Calhoun County High School graduate Keymo Walker recently became one of two students from South Carolina and 15 nationwide to be named a Jobs for America Graduate Smith Scholar.
Walker successfully completed the four-year program that targets students at risk of dropping out of school. He plans to attend Winthrop University in the fall, where he will study social work with a focus on domestic violence.
Walker said he wants to return to serve in his community after he completes his higher education.
“I always understand and live my life for the better of everyone in my community, not just for myself,” he said.
Job Specialist Geraldine Sackiel, who heads the Calhoun High JAG program, remembers Keymo as a “very shy but very bright and intelligent ninth grader. He had leadership skills, but needed motivation,” she said.
Sackiel worked to motivate Walker, she said.
During the past four years, Walker has become a “leader who motivates his peers into doing things they would never do without encouragement,” she said.
He has also developed self confidence, according to Sackiel.
Walker says his strengths include kindness, helping others and the ability to solve problems and make decisions. He said his weakness is speaking before large audiences.
Sackiel said that weakness has given Walker an empathy that enables him to encourage others.
For example, there was one young lady in the ninth grade who was afraid to take part in class, but Keymo was able to get her to get up and read a simple paragraph out loud, Sackiel said.
Since he entered the JAG program in the ninth grade, Walker has become not just a leader at Calhoun High, but in the South Carolina National JAG program.

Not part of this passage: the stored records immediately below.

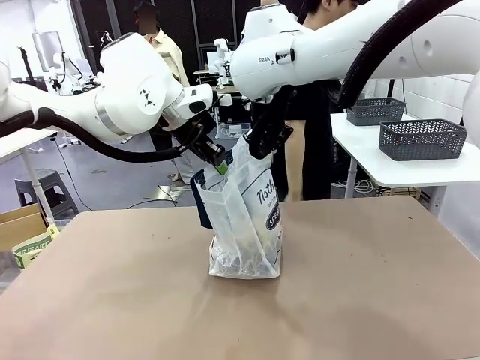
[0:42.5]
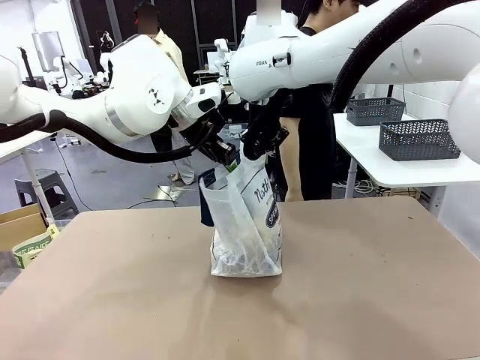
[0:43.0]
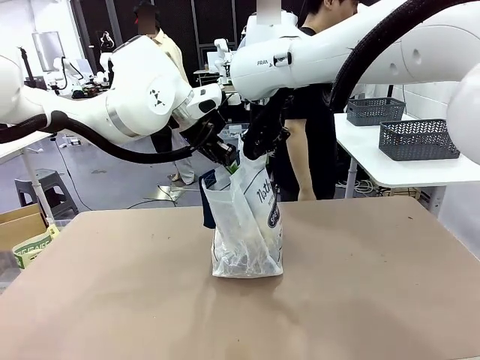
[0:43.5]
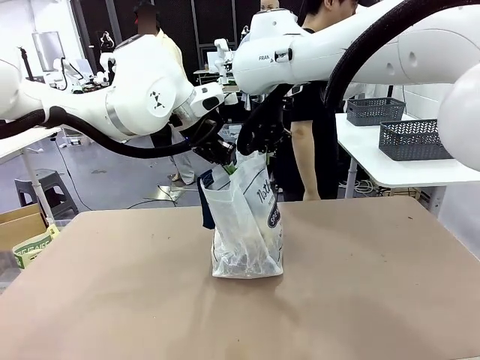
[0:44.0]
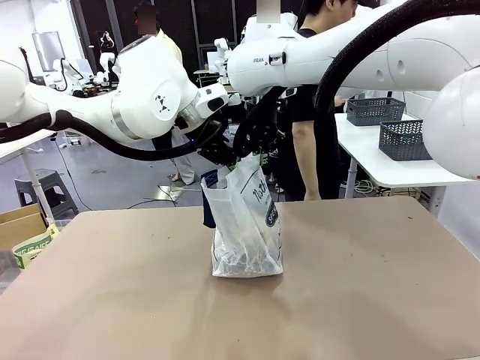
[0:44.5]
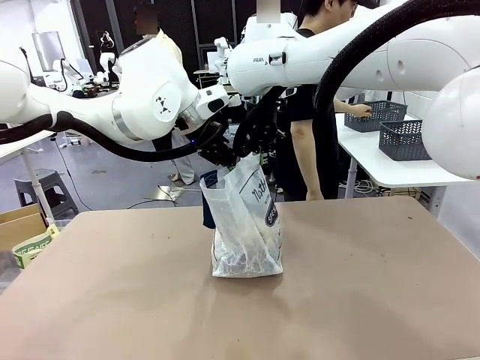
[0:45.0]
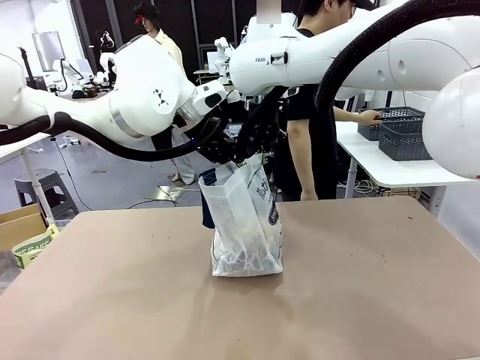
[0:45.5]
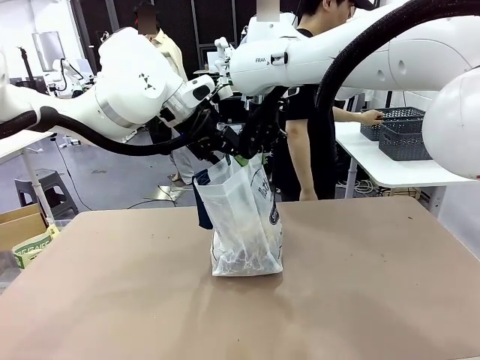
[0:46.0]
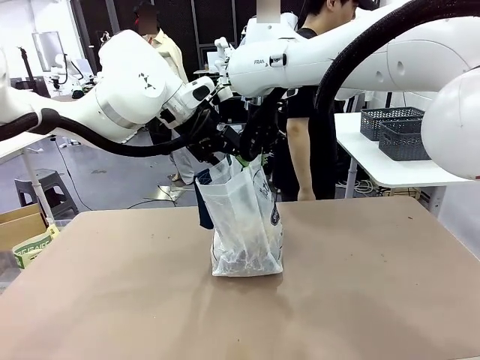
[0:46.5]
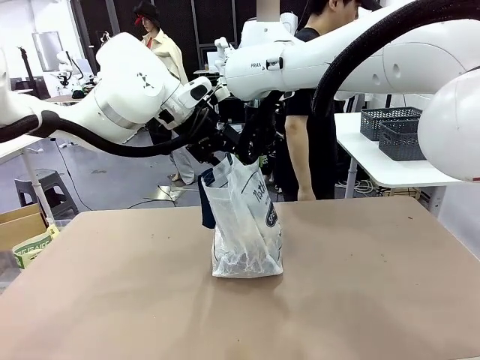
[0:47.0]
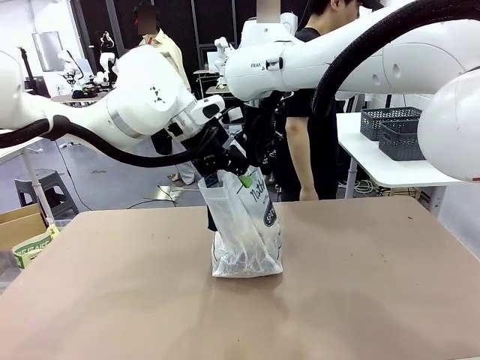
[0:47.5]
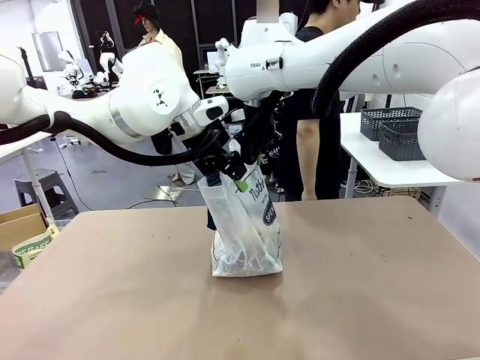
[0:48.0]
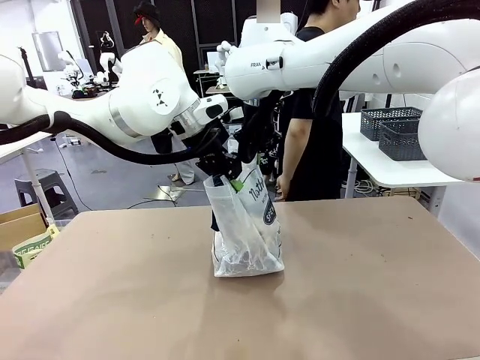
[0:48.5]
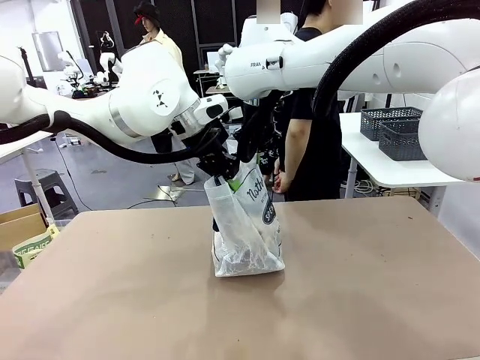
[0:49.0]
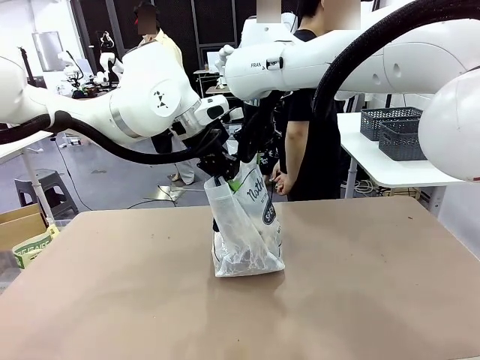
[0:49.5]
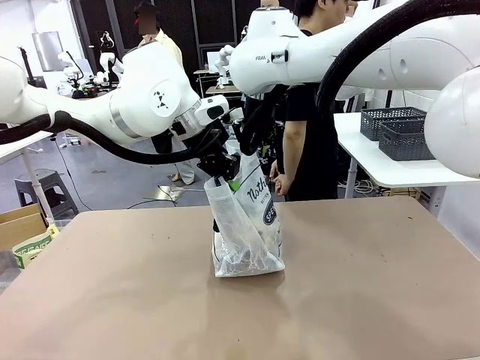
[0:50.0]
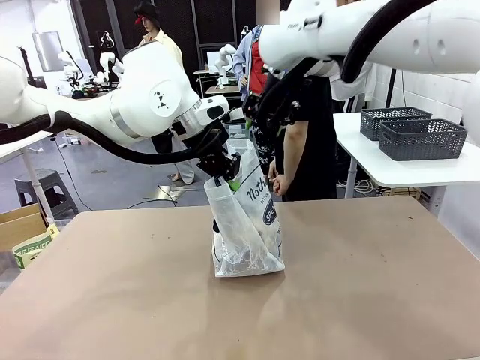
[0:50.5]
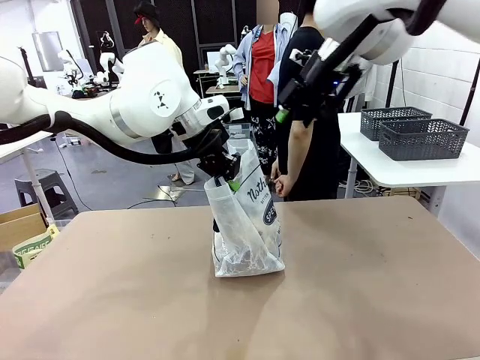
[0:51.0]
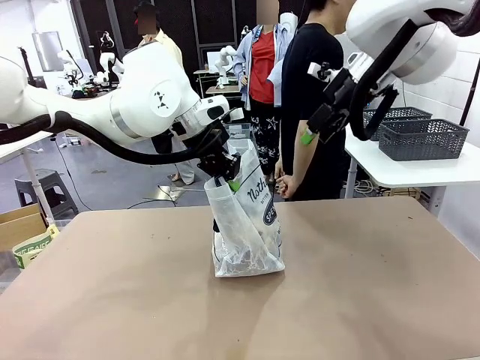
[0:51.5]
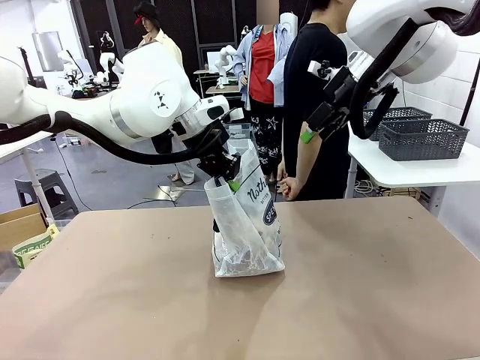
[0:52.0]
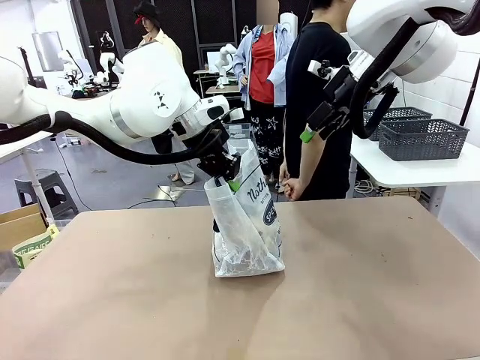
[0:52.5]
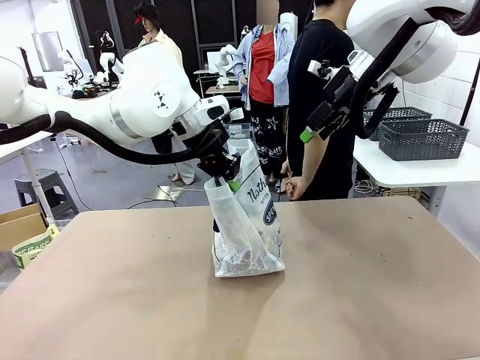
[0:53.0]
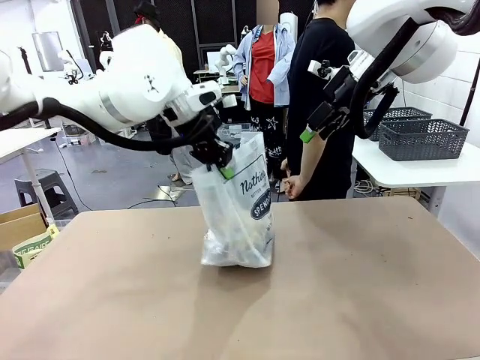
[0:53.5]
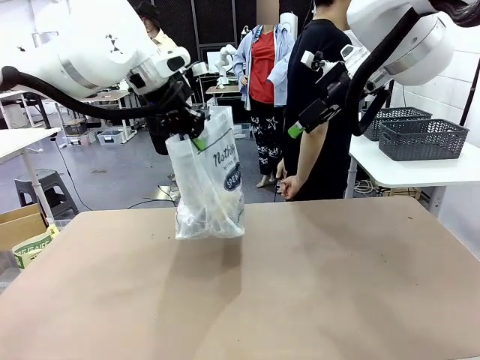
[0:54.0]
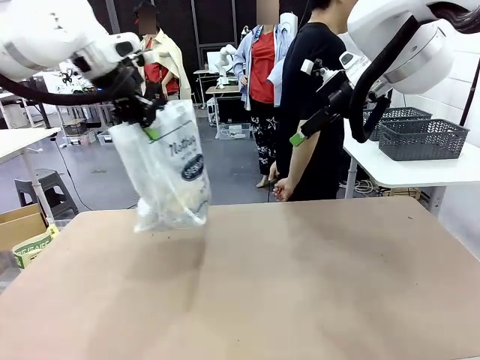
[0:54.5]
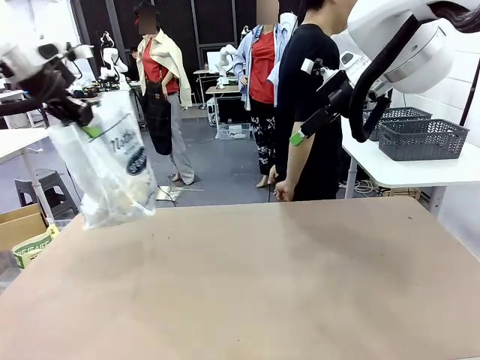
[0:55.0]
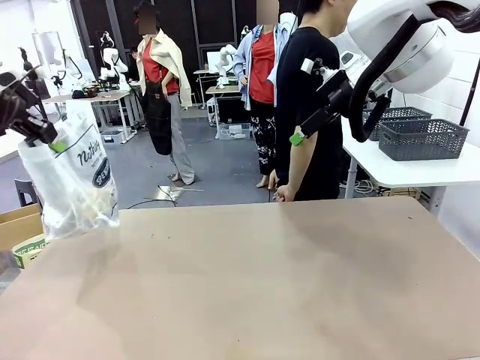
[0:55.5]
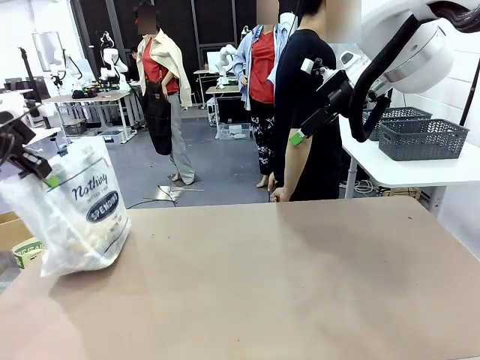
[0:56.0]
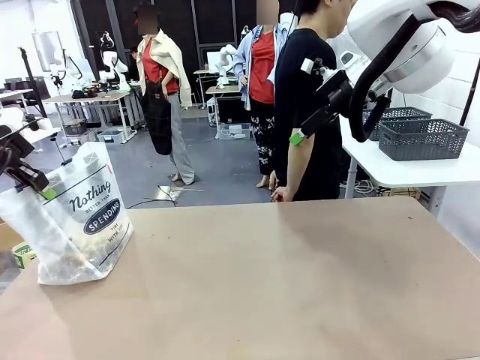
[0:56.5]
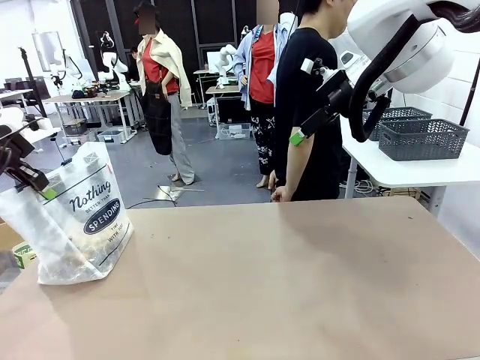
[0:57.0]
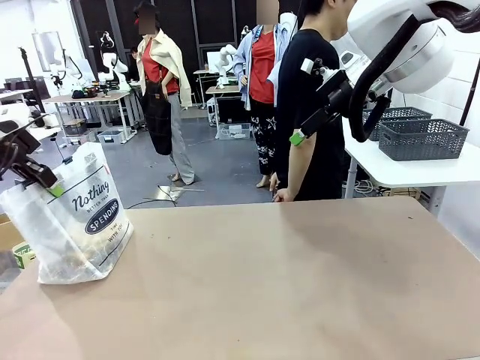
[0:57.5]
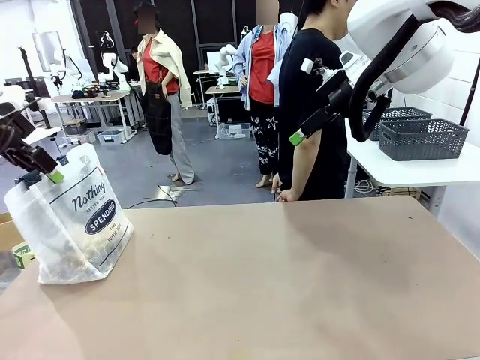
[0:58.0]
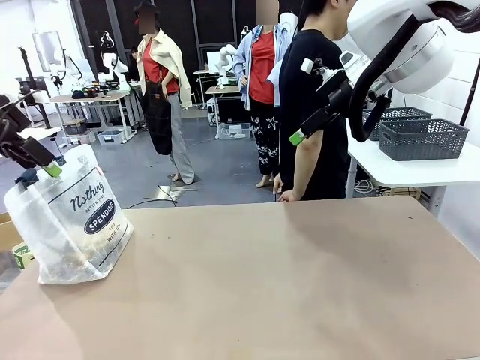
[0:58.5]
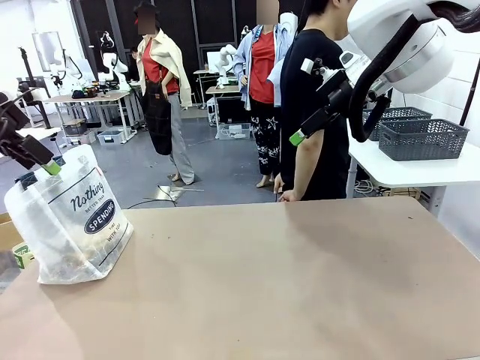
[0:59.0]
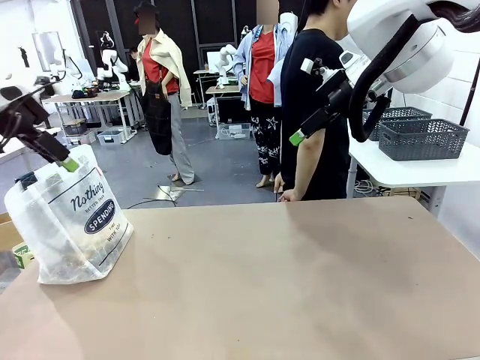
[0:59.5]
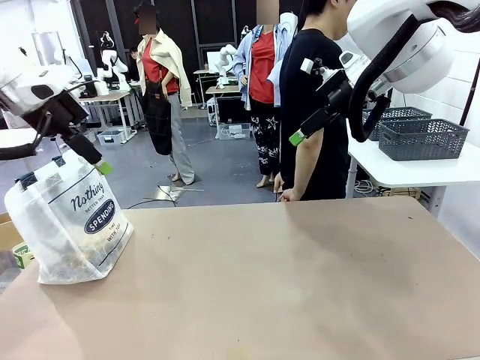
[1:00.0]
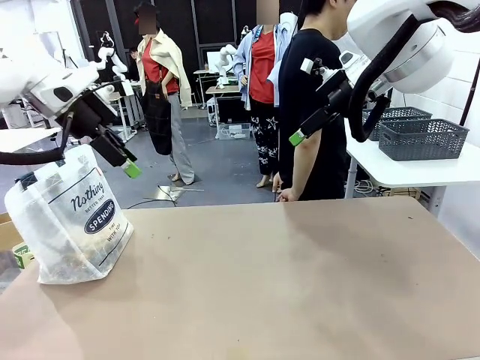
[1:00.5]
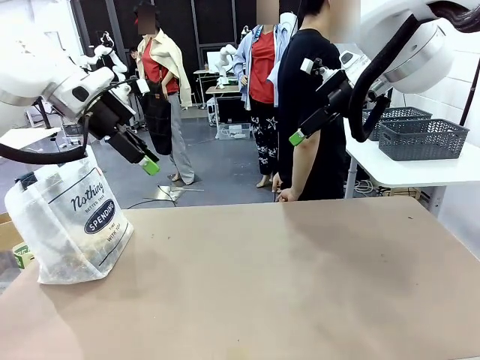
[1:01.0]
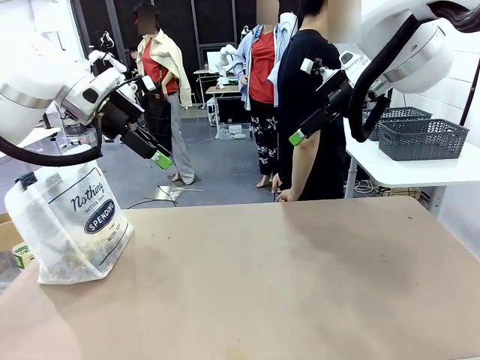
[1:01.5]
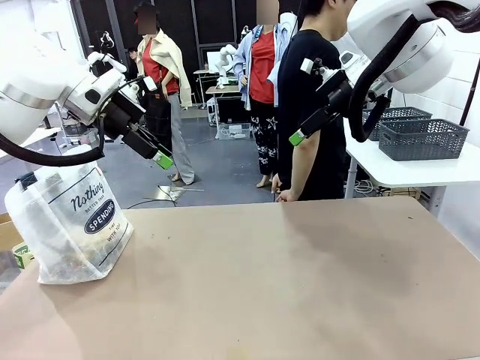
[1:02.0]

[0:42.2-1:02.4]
Task: Transfer purchased items from the store into the shopping bag.
Robot: Move the Reusable shopping bag to the right side of the table.
Person: Move the basket on the left to the middle of the person's table.

He’s served as president of the Career Association twice and as a state delegate to the national association in Washington for two terms.
As a JAG scholar, Walker received a $2,000 scholarship.
The South Carolina JAG program is coordinated by the S.C. Department of Employment and Workforce. Under the direction of a career specialist at each school, students work on skills identified by businesses as essential to successful employment.
This is the first time a South Carolina student has been named a JAG Smith Scholar since the organization was created in 2005.